The morphological similarities of Hippophae species caused a high chance of misidentification and misuse. Raw Hippophae products are often sold in dried and powdered forms, making morphological identification infeasible.

DNA barcoding is an important supplement and validation of conventional morphological identification [23]. In the present study, medicinal and non-medicinal Hippophae species were identified by DNA barcoding after a preliminary morphological identification, and remarkable Hippophae variation at the species level was shown. The genomic DNA could be extracted from dried fruits with both ITS2 and psbA-trnH with 100 % amplification and sequencing efficiencies. Two single-locus barcodes, ITS2 and psbA-trnH, as well as their combination were evaluated and validated. All Hippophae species were successfully identified by DNA barcoding, and four H. rhamnoides subspecies were also differentiated. The information obtained from the variable sequence sites and deletions/insertions facilitated the identification of Hippophae species; H. salicifolia, H. tibetana, and three H. rhamnoides subspecies were identified by ITS2 sequences, whereas H. goniocarpa, H. salicifolia, H. gyantsensis, H. tibetana, and two H. rhamnoides subspecies were identified by psbA-trnH sequences.

A relatively high value was observed for ITS2 + psbA-trnH with regard to the barcoding gap analysis: one species was located under the 1:1 line, and one species was located on the 1:1 line. However, three species had no barcoding gap for each of the single-locus barcodes: H. rhamnoides, H. litangensis, and H. neurocarpa for ITS2 barcode; H. rhamnoides, H. goniocarpa, and H. neurocarpa for psbA-trnH barcode.

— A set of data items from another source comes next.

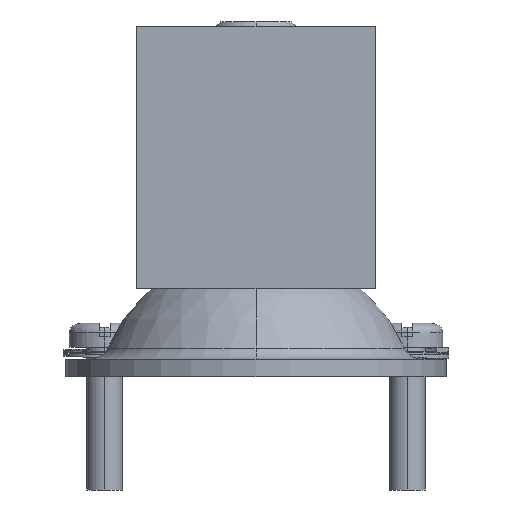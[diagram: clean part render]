
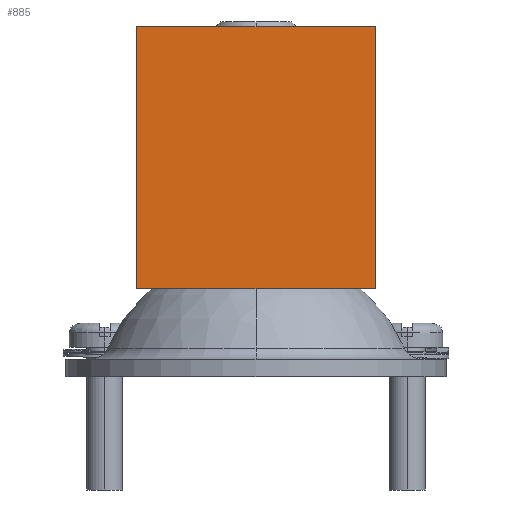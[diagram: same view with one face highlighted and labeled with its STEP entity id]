
A CAD part, left-side view. The second image highlights one B-rep face of the part: STEP entity #885.
In plain terms, the highlighted face is planar.
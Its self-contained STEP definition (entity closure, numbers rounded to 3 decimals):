
#53=DIRECTION('',(0.,0.,-1.));
#54=VECTOR('',#53,20.);
#55=CARTESIAN_POINT('',(-11.5,0.,10.));
#56=LINE('',#55,#54);
#208=DIRECTION('',(-1.,0.,0.));
#209=VECTOR('',#208,22.);
#210=CARTESIAN_POINT('',(10.5,0.,-10.));
#211=LINE('',#210,#209);
#267=DIRECTION('',(1.,0.,0.));
#268=VECTOR('',#267,22.);
#269=CARTESIAN_POINT('',(-11.5,0.,10.));
#270=LINE('',#269,#268);
#333=DIRECTION('',(0.,0.,1.));
#334=VECTOR('',#333,20.);
#335=CARTESIAN_POINT('',(10.5,0.,-10.));
#336=LINE('',#335,#334);
#443=CARTESIAN_POINT('',(-11.5,0.,10.));
#444=CARTESIAN_POINT('',(10.5,0.,10.));
#445=VERTEX_POINT('',#443);
#446=VERTEX_POINT('',#444);
#455=CARTESIAN_POINT('',(10.5,0.,-10.));
#456=CARTESIAN_POINT('',(-11.5,0.,-10.));
#457=VERTEX_POINT('',#455);
#458=VERTEX_POINT('',#456);
#874=CARTESIAN_POINT('',(-11.5,0.,-9.5));
#875=DIRECTION('',(0.,-1.,0.));
#876=DIRECTION('',(1.,0.,0.));
#877=AXIS2_PLACEMENT_3D('',#874,#875,#876);
#878=PLANE('',#877);
#879=ORIENTED_EDGE('',*,*,#861,.F.);
#880=ORIENTED_EDGE('',*,*,#733,.T.);
#881=ORIENTED_EDGE('',*,*,#480,.F.);
#882=ORIENTED_EDGE('',*,*,#776,.T.);
#883=EDGE_LOOP('',(#879,#880,#881,#882));
#884=FACE_OUTER_BOUND('',#883,.F.);
#885=ADVANCED_FACE('',(#884),#878,.T.);
#480=EDGE_CURVE('',#445,#458,#56,.T.);
#733=EDGE_CURVE('',#457,#458,#211,.T.);
#776=EDGE_CURVE('',#445,#446,#270,.T.);
#861=EDGE_CURVE('',#457,#446,#336,.T.);

The identification efficiency of single-locus and combined barcodes by the NJ tree method showed that ITS2 + psbA-trnH was the most suitable barcode, with all seven species as well as four H. rhamnoides subspecies clearly identified. None of the selected barcodes were suitable for H. neurocarpa subspecies identification. Although it was hard to identify all H. rhamnoides and H. neurocarpa subspecies by ITS2, psbA-trnH, and ITS2 + psbA-trnH, the medicinal species were successfully distinguished from non-medicinal Hippophae species. While H. rhamnoides is the original medicinal plant according to Chinese Pharmacopeia, H. neurocarpa, H. gyantsensis, and H. tibetana are used in the Tibetan medicine [14, 15, 17, 18]. Thus, all native Hippophae species were identified by DNA barcode and the accurate and standard sequence information was gained. This information would be applicable to commercial products alignment and authenticate Hippophae species origins in the future.

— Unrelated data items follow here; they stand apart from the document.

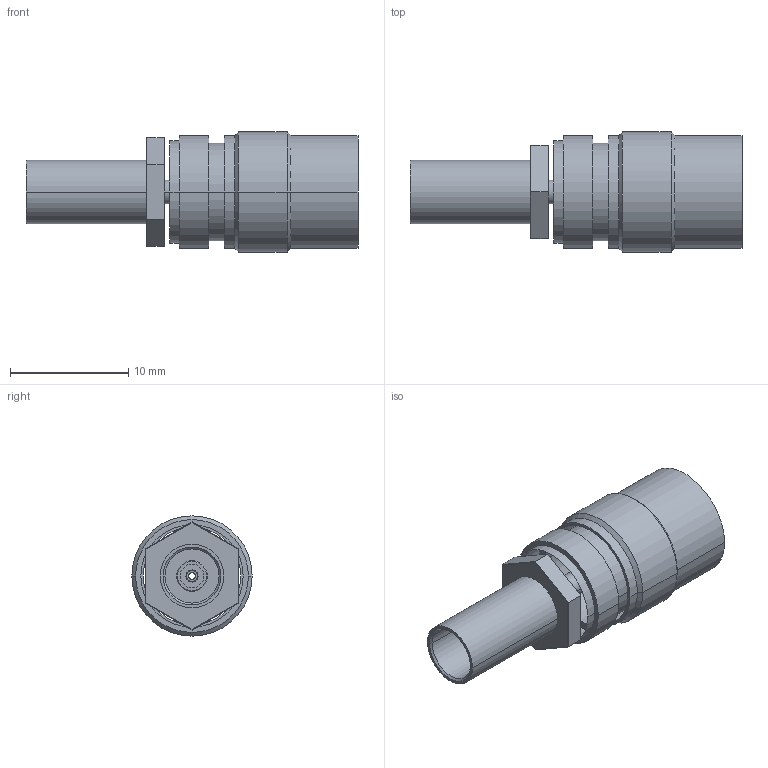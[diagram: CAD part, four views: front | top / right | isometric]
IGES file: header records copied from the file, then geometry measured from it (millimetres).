
Start section:  PTC IGES file: 903-152p-71s.igs
Global section: file name: 903-152p-71s.igs; native system: Pro/ENGINEER by Parametric Technology Corporation; preprocessor: 2010280; author: M.GOPI; organization: Unknown; date: 20120605.145457; units: millimetre
Bounding box: 28.04 x 10.16 x 10.16 mm (x, y, z)
Surface area: 1315.9 mm2 (no closed solid volume)
Topology: 0 solids, 0 shells, 81 faces, 378 edges, 378 vertices
Faces by surface type: revolution 41, bspline 40

There have been debates over whether H. litangensis was a subspecies of H. goniocarpa and whether H. rhamnoides subsp. wolongensis was a distinct species [3, 4, 42]. In our study, we considered H. litangensis and H. goniocarpa as two separate species, and the results demonstrated that they could be identified separately at the species level; H. rhamnoides subsp. wolongensis was a subspecies of H. rhamnoides based on the K2P genetic distance, NJ tree, and identification efficiency results.

Conclusion

The combination of the two loci, ITS2 + psbA-trnH is applicable to the identification of medicinal and non-medicinal Hippophae species.